EXERCISE MATERIALS:

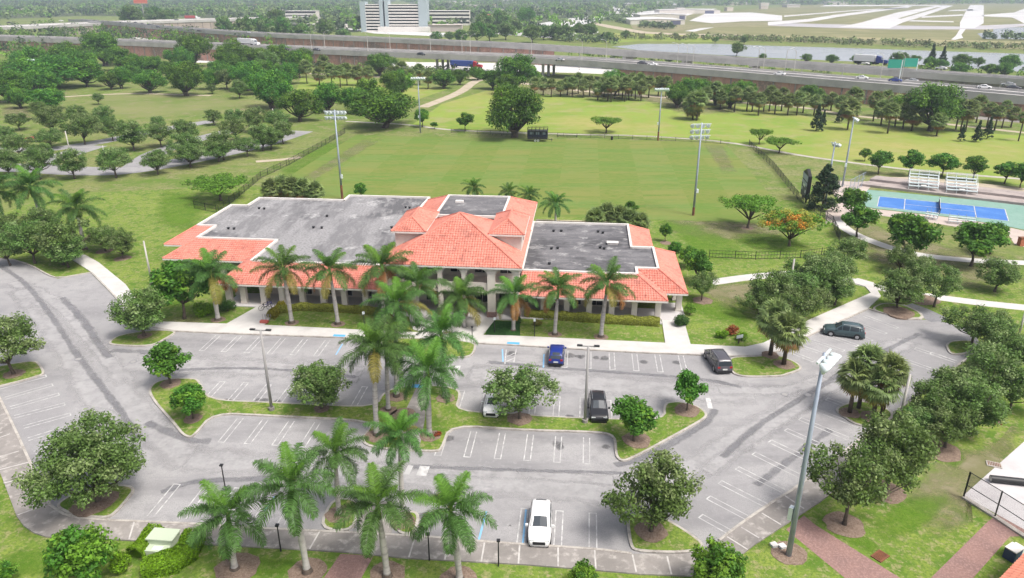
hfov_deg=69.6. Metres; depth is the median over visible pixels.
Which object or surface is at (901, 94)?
cabbage palm
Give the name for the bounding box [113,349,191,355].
asphalt stain
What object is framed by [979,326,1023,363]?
live oak
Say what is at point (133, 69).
banyan tree
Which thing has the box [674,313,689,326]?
shrub
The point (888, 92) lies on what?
cabbage palm
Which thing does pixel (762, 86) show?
retaining wall
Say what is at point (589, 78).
cabbage palm
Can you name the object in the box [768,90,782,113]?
cabbage palm
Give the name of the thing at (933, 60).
banyan tree
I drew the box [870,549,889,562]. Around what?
storm drain
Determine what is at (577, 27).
park tree
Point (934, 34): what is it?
airport field
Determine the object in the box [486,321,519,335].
groundcover bed
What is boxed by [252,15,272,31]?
park tree
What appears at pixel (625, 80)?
cabbage palm
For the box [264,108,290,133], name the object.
live oak
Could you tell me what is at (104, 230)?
live oak
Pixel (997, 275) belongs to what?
live oak
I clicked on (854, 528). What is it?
mulch bed
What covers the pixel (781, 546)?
ground box
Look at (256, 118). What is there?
live oak
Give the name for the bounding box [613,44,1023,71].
canal water
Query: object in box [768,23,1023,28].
taxiway
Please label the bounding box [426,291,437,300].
window
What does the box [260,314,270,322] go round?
bike rack
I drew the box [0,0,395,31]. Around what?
woods floor
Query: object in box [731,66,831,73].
verge
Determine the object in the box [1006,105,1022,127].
cabbage palm
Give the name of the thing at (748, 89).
cabbage palm
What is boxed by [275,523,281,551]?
path light
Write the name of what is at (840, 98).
cabbage palm
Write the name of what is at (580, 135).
metal fence
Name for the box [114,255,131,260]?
mulch bed
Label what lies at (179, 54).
banyan tree
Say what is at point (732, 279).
park path
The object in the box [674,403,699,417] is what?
mulch bed
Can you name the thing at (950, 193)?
terrace
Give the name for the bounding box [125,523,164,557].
hedge
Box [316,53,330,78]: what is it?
cabbage palm
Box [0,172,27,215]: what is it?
royal palm
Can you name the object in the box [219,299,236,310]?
shrub
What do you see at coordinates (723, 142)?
park path
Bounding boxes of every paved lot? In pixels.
[348,28,444,36]
[539,10,621,26]
[631,11,690,16]
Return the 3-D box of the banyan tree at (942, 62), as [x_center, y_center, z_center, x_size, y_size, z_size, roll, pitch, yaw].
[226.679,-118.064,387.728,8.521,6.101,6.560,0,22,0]
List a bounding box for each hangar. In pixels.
[623,17,684,24]
[634,13,685,19]
[654,9,719,13]
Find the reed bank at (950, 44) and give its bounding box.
[579,31,1023,49]
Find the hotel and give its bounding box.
[359,0,430,31]
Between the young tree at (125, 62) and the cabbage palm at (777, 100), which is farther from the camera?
the young tree at (125, 62)
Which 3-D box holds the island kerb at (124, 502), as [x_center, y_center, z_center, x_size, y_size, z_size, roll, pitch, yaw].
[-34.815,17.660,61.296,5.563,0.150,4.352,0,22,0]
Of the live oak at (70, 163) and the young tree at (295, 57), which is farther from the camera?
the young tree at (295, 57)
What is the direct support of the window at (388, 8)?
in the hotel
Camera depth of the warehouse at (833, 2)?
2131.29 m
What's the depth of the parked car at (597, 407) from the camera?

WHAT THE TASK REQUIRES: Word for word, return the material above, but drop the pictures.

EXERCISE SOLUTION:
hfov_deg=69.6. Metres; depth is the median over visible pixels.
Which object or surface is at (901, 94)?
cabbage palm
Give the name for the bounding box [113,349,191,355].
asphalt stain
What object is framed by [979,326,1023,363]?
live oak
Say what is at point (133, 69).
banyan tree
Which thing has the box [674,313,689,326]?
shrub
The point (888, 92) lies on what?
cabbage palm
Which thing does pixel (762, 86) show?
retaining wall
Say what is at point (589, 78).
cabbage palm
Can you name the object in the box [768,90,782,113]?
cabbage palm
Give the name of the thing at (933, 60).
banyan tree
I drew the box [870,549,889,562]. Around what?
storm drain
Determine what is at (577, 27).
park tree
Point (934, 34): what is it?
airport field
Determine the object in the box [486,321,519,335].
groundcover bed
What is boxed by [252,15,272,31]?
park tree
What appears at pixel (625, 80)?
cabbage palm
For the box [264,108,290,133], name the object.
live oak
Could you tell me what is at (104, 230)?
live oak
Pixel (997, 275) belongs to what?
live oak
I clicked on (854, 528). What is it?
mulch bed
What covers the pixel (781, 546)?
ground box
Look at (256, 118). What is there?
live oak
Give the name for the bounding box [613,44,1023,71].
canal water
Query: object in box [768,23,1023,28].
taxiway
Please label the bounding box [426,291,437,300].
window
What does the box [260,314,270,322] go round?
bike rack
I drew the box [0,0,395,31]. Around what?
woods floor
Query: object in box [731,66,831,73].
verge
Determine the object in the box [1006,105,1022,127].
cabbage palm
Give the name of the thing at (748, 89).
cabbage palm
What is boxed by [275,523,281,551]?
path light
Write the name of what is at (840, 98).
cabbage palm
Write the name of what is at (580, 135).
metal fence
Name for the box [114,255,131,260]?
mulch bed
Label what lies at (179, 54).
banyan tree
Say what is at point (732, 279).
park path
The object in the box [674,403,699,417] is what?
mulch bed
Can you name the thing at (950, 193)?
terrace
Give the name for the bounding box [125,523,164,557].
hedge
Box [316,53,330,78]: what is it?
cabbage palm
Box [0,172,27,215]: what is it?
royal palm
Can you name the object in the box [219,299,236,310]?
shrub
What do you see at coordinates (723, 142)?
park path
Bounding boxes of every paved lot? In pixels.
[348,28,444,36]
[539,10,621,26]
[631,11,690,16]
Return the 3-D box of the banyan tree at (942, 62), as [x_center, y_center, z_center, x_size, y_size, z_size, roll, pitch, yaw].
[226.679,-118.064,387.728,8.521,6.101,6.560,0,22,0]
List a bounding box for each hangar. In pixels.
[623,17,684,24]
[634,13,685,19]
[654,9,719,13]
Find the reed bank at (950, 44) and give its bounding box.
[579,31,1023,49]
Find the hotel and give its bounding box.
[359,0,430,31]
Between the young tree at (125, 62) and the cabbage palm at (777, 100), which is farther from the camera?
the young tree at (125, 62)
Which 3-D box holds the island kerb at (124, 502), as [x_center, y_center, z_center, x_size, y_size, z_size, roll, pitch, yaw].
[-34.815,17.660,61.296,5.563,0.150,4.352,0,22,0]
Of the live oak at (70, 163) and the young tree at (295, 57), which is farther from the camera?
the young tree at (295, 57)
What is the direct support of the window at (388, 8)?
in the hotel
Camera depth of the warehouse at (833, 2)?
2131.29 m
What's the depth of the parked car at (597, 407) from the camera?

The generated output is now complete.